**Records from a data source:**
- - - -
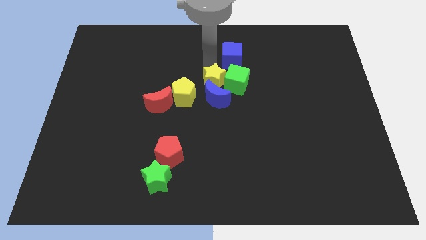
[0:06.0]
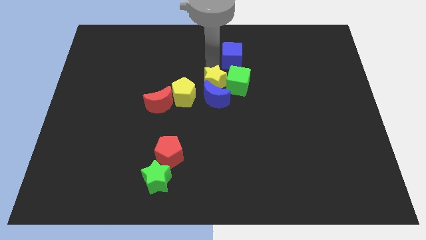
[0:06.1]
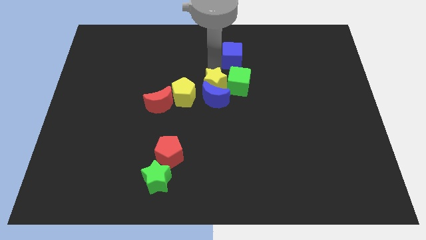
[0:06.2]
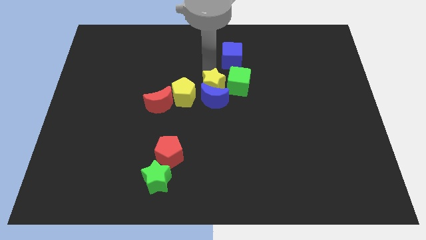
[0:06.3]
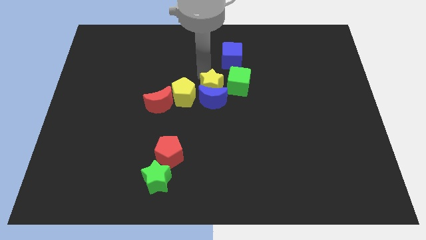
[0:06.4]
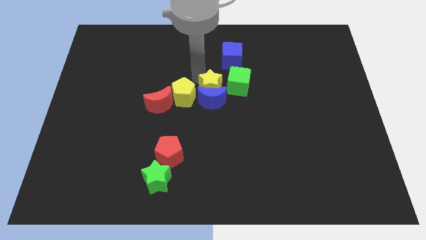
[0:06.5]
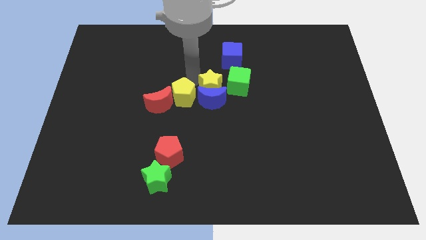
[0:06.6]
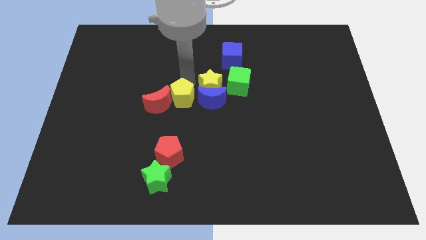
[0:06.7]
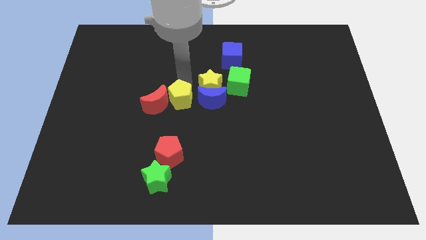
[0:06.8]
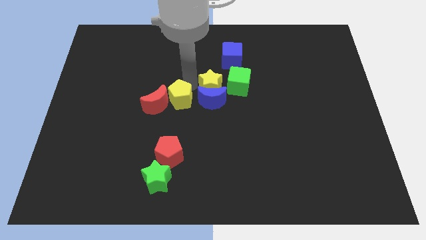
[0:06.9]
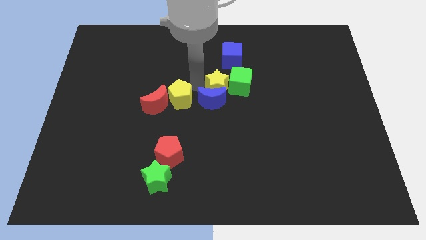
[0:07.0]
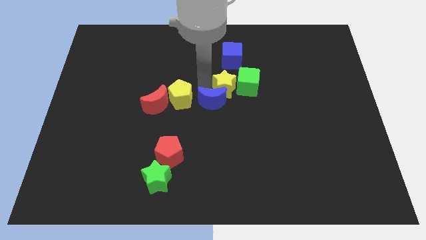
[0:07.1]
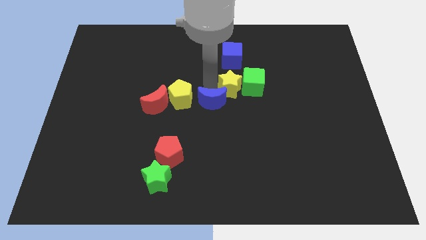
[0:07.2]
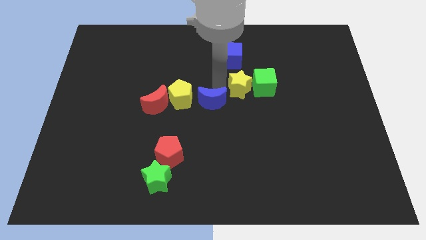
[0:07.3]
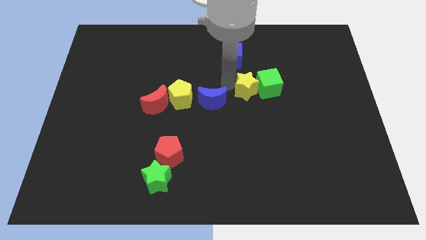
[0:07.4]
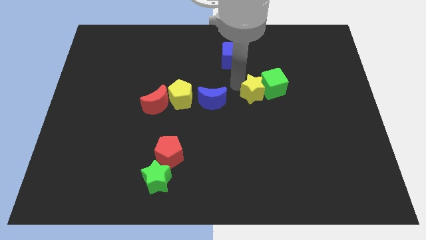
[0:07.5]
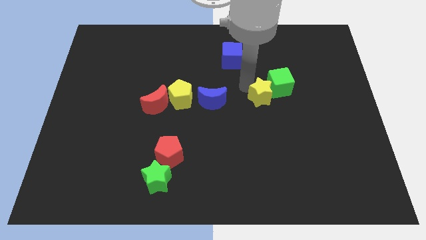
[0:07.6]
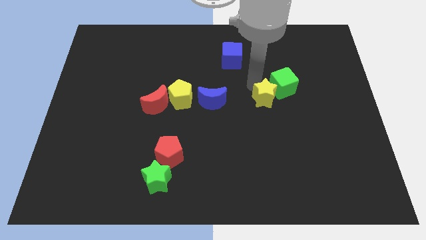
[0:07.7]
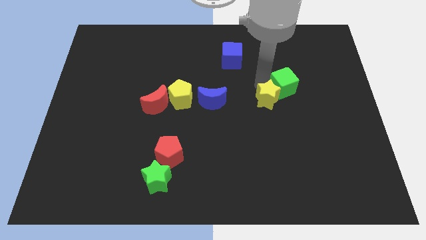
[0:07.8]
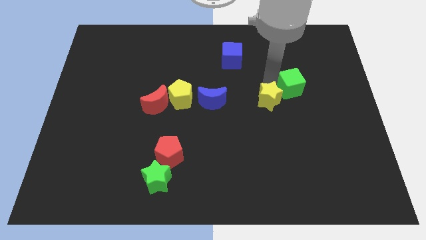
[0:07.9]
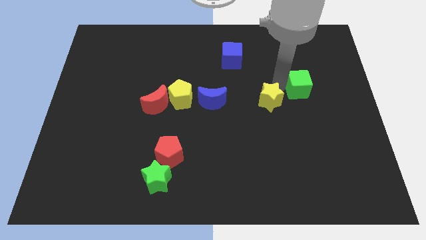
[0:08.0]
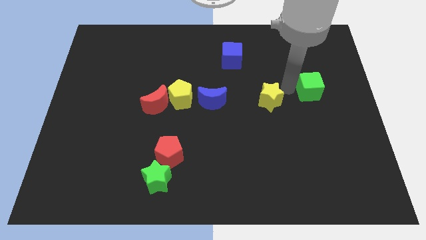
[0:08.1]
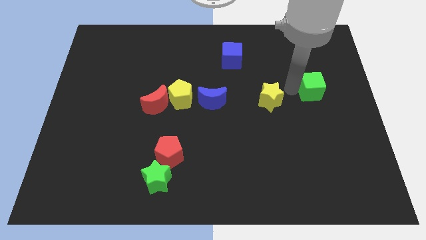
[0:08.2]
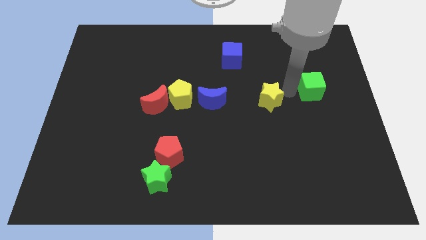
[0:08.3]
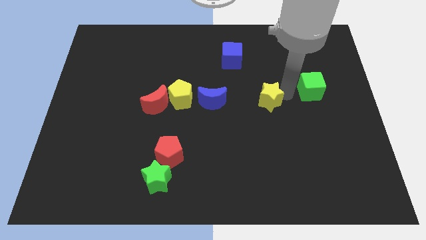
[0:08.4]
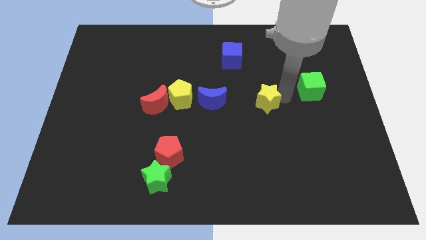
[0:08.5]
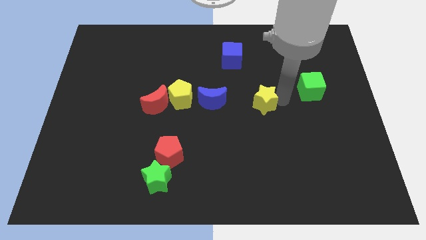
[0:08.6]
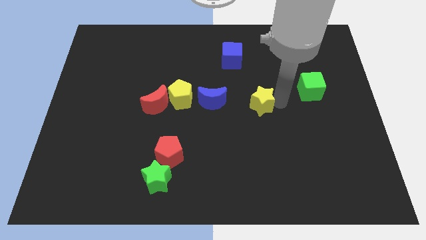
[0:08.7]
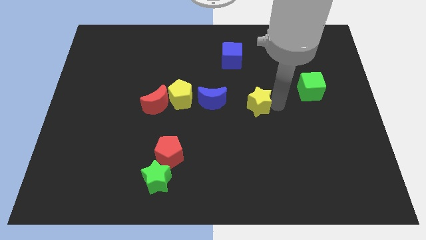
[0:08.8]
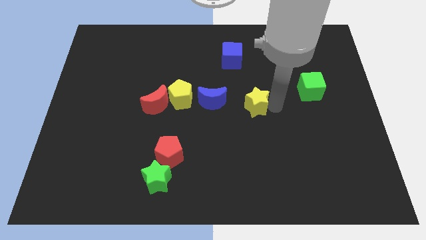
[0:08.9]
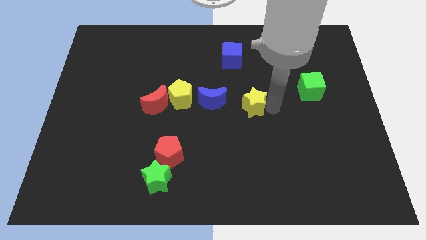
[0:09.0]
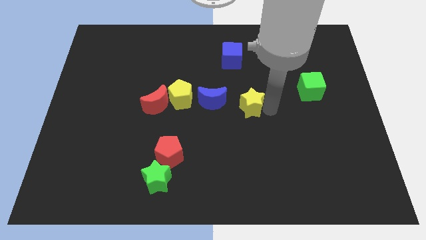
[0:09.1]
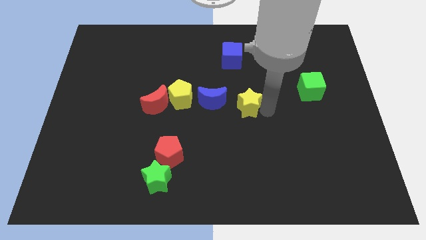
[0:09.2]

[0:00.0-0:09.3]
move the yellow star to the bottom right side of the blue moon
- - - -
**Assignment:** You need to copy every entry exactly, taking out only the pictures.

**Output of the exercise:**
[0:06.0]
[0:06.1]
[0:06.2]
[0:06.3]
[0:06.4]
[0:06.5]
[0:06.6]
[0:06.7]
[0:06.8]
[0:06.9]
[0:07.0]
[0:07.1]
[0:07.2]
[0:07.3]
[0:07.4]
[0:07.5]
[0:07.6]
[0:07.7]
[0:07.8]
[0:07.9]
[0:08.0]
[0:08.1]
[0:08.2]
[0:08.3]
[0:08.4]
[0:08.5]
[0:08.6]
[0:08.7]
[0:08.8]
[0:08.9]
[0:09.0]
[0:09.1]
[0:09.2]

[0:00.0-0:09.3]
move the yellow star to the bottom right side of the blue moon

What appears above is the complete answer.